2011年9月26日月曜日

The Promise / Bruce Springsteen

昨年Bruceは1970年代後半の未発表曲からなるThe Promise:The Darkness On The Edge Of Town Storyをリリース。
要は没になってたのを30年以上経ってから発表したのだが、その内容のあまりの高品質は世界を驚かせるに十分だった。
そのタイトル曲がこの「The Promise」だ。「18トラックス」というアルバム未収録曲を集めた過去の作品にもピアノ引き語りのversionで収められていた曲。その時は地味な曲だなと、あまりいい印象が無かった。
しかし、今回はどうよ?って完全にノックアウトされたね。こんないい曲が有ったんだと。あぁ生きてて良かった!
the promise
ガラス細工のように繊細なイントロに導かれ、E Street Bandの重厚な演奏をバックに朗々と歌うBruceの声よ。
まだ若く艶と張りがあって素晴らしい。
しかし歌詞では、人生を掛けていたストリートレースから車を売って身を引いて以降の挫折の日々が歌われる。
1978年発表のアルバム「The Darkness On The Edge Of Town」に収録されていた名曲「Racing in the Street」と
「Price You Pay」が合体したような歌詞だ。この2曲の元歌が「The Promise」なのかも知れない。
スローで押さえぎみの曲調に、2番からはオルガンがずっしりと乗り、♪thunder road~♪のコーラスに流れ込む。
たまりませんな。いつも、何度聴いても涙が…。そしてガラスの旋律でアウトロ。おぉぉぉ…

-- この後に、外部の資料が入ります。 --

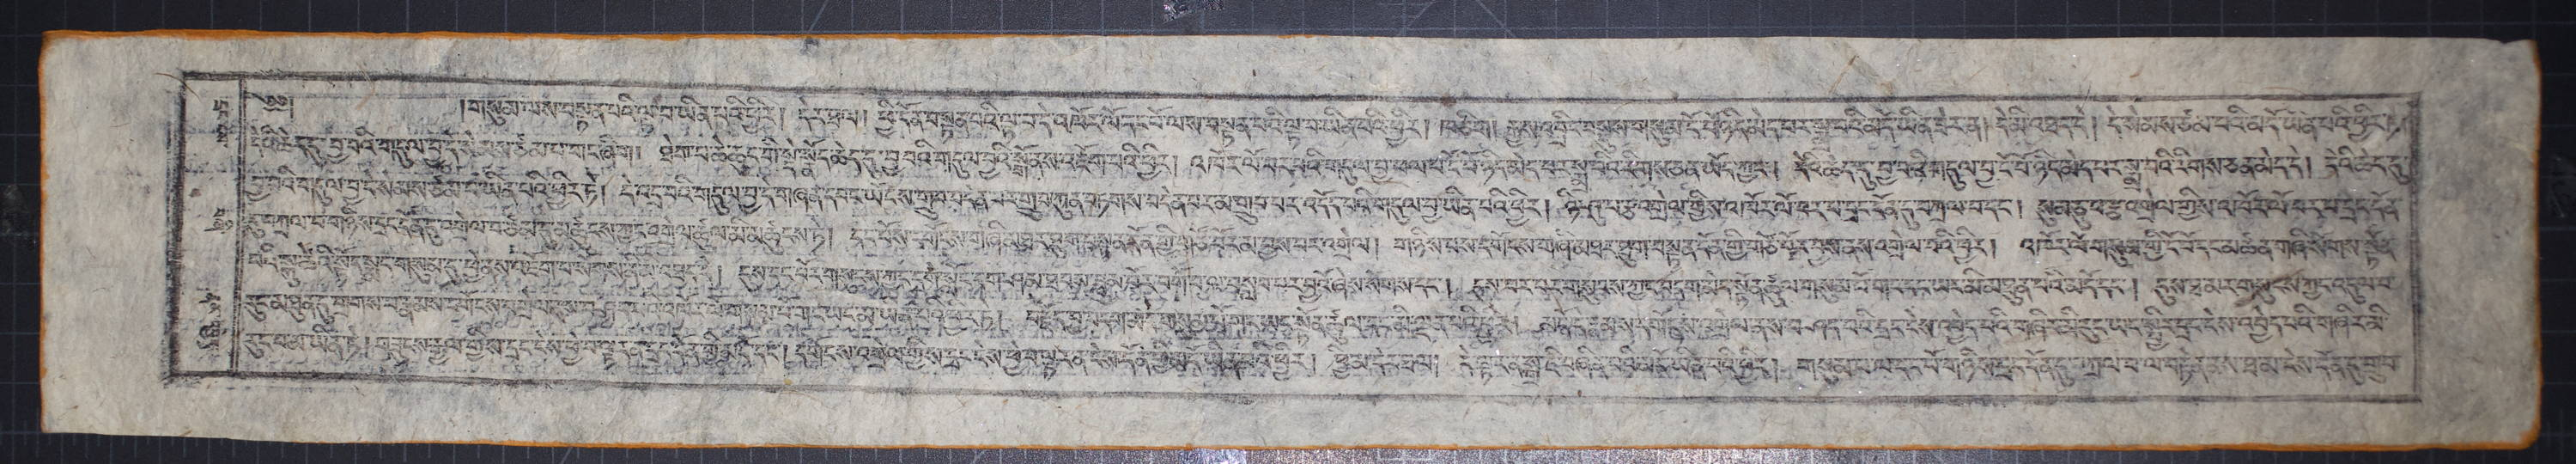༄༅། །གསུམ་ལས་བསྟན་པའི་ལྟ་བ་ཡིན་པའི་ཕྱིར། དེར་ཐལ། ཕྱི་དོན་བསྟན་པའི་ལྟ་བ་དེ་འཁོར་ལོ་དང་པོ་ལས་བསྟན་པའི་ལྟ་བ་ཡིན་པའི་ཕྱིར། ཁ་ཅིག །རྒྱས་འབྲིང་བསྡུས་གསུམ་ངོ་བོ་ཉིད་མེད་པར་སྨྲ་བའི་མདོ་ཡིན་ཟེར་ན། དེ་མི་འཐད་དེ། དེ་སེམས་ཙམ་པའི་མདོ་ཡིན་པའི་ཕྱིར་ཏེ།
དེའི་ཆེད་དུ་བྱ་བའི་གདུལ་བྱ་དེ་སེམས་ཙམ་པ་གང་ཞིག །ཐེག་པ་ཆེ་ཆུང་གི་སྡེ་སྣོད་ཆེད་དུ་བྱ་བའི་གདུལ་བྱའི་སྒོ་ནས་འཇོག་པའི་ཕྱིར། འཁོར་ལོ་བར་པའི་གདུལ་བྱ་ཕལ་པ་ངོ་བོ་ཉིད་མེད་པར་སྨྲ་བའི་རིགས་ཅན་ཡོད་ཀྱང་། དེའི་ཆད་དུ་བྱ་བའི་གདུལ་བྱ་ངོ་བོ་ཉིད་མེད་པར་སྨྲ་བའི་རིགས་ཅན་མེད་དེ། དེའི་ཆེད་དུ་
བྱ་བའི་གདུལ་བྱ་དེ་སེམས་ཙམ་པ་ཡིན་པའི་ཕྱིར་ཏེ། དེ་འདྲ་བའི་གདུལ་བྱ་དེ་གཞན་དབང་ཡོངས་གྲུབ་བདེན་པར་གྲུབ་ཀུན་བཏགས་བདེན་པར་མ་གྲུབ་པར་འདོད་པའི་གདུལ་བྱ་ཡིན་པའི་ཕྱིར། ཉི་ཤུ་པ་རྩ་འགྲེལ་གྱིས་འཁོར་ལོ་བར་པ་དྲང་དོན་དུ་བཀྲལ་བ་དང་། སུམ་ཅུ་པ་རྩ་འགྲེལ་གྱིས་འཁོར་ལོ་བར་པ་དྲང་དོན་
དུ་བཀྲལ་བ་གཉིས་དྲང་དོན་དུ་འགྲེལ་བ་ཙམ་དུ་མཚུངས་ཀྱང་འགྲེལ་ཚུལ་མི་མཚུངས་ཏེ། དང་པོས་དགོངས་གཞི་མཐར་ཐུག་བསྟན་དོན་གྱི་གཙོ་བོར་མ་བྱས་པར་འགྲེལ། གཉིས་པས་དགོངས་གཞི་མཐར་ཐུག་བསྟན་དོན་གྱི་གཙོ་བོར་བྱས་ནས་འགྲེལ་བའི་ཕྱིར། འཁོར་ལོ་གསུམ་གྱི་ངོ་བོ་དང་མཚན་གཞི་སོགས་སྟོན་
པའི་སྐུ་ཚེའི་སྟོད་སྨད་གསུམ་དུ་ཕྱེ་ནས་འཇོག་པ་སོགས་ནི་མི་འཐད་དེ། དུས་དང་པོར་གསུངས་ཀྱང་དགེ་སློང་དག་ཤམ་ཐབས་ཟླུམ་པོར་བགོ་བ་ལ་བསླབ་པར་བྱའོ་ཞེས་སོགས་དང་། དུས་བར་པར་གསུངས་ཀྱང་བདག་མེད་སྟོན་ཚུལ་གསུམ་པོ་གང་དང་ཡང་མི་མཐུན་པའི་མདོ་དང་། དུས་ཐ་མར་གསུངས་ཀྱང་འདུལ་བ་
རུང་མཐུན་དུ་གྲགས་པ་རྣམས་དགོངས་འགྲེལ་ནས་བཤད་པའི་འཁོར་ལོ་གསུམ་པོ་གང་ཡང་མ་ཡིན་པའི་ཕྱིར་ཏེ། བརྗོད་བྱ་བདག་མེད་གསུམ་པོ་གང་ཡང་སྟོན་ཚུལ་དང་མི་ལྡན་པའི་ཕྱིར། མདོ་དེ་རྣམས་དགོངས་འགྲེལ་ནས་བཤད་པའི་དྲང་ངེས་འབྱེད་པའི་གཞིར་མི་རུང་ཡང་སྤྱིར་དྲང་ངེས་འབྱེད་པའི་གཞིར་མི་
རུང་བ་མ་ཡིན་ཏེ། གཟུངས་རྒྱལ་གྱིས་དྲང་ངེས་ཕྱེ་བ་ལྟར་ན་དྲང་དོན་གྱི་མདོ་དང་། དགོངས་འགྲེལ་གྱིས་དྲང་ངེས་ཕྱེ་བ་ལྟར་ན་ངེས་དོན་གྱི་མདོ་ཡིན་པའི་ཕྱིར། ཕྱི་མ་དེར་ཐལ། དེ་ལྟར་ན་སྒྲ་ཇི་བཞིན་པའི་མདོ་ཡིན་པའི་ཕྱིར། གསུམ་པ་ལ་དང་པོ་གཉིས་དྲང་དོན་དུ་བཀྲལ་བ་ལ་བརྟེན་ནས་ཐ་མ་ངེས་དོན་དུ་གྲུབ་

こんな感動的な大作を30年以上も出さずにいたなんて、何と贅沢なことを。
Bruceは天才とかBossとか言われる前に、1枚のアルバム発表に賭けるの鬼のような執念で知られている。没は多いのだ。
この曲ができた当時、Bruceは訴訟に巻き込まれ、全盛期でありながらアルバムを発表できなかったという。
そんな環境と類希な才能がこの曲を生み、葬った。そして時を経て蘇ったこのThe Promise, simply awesome!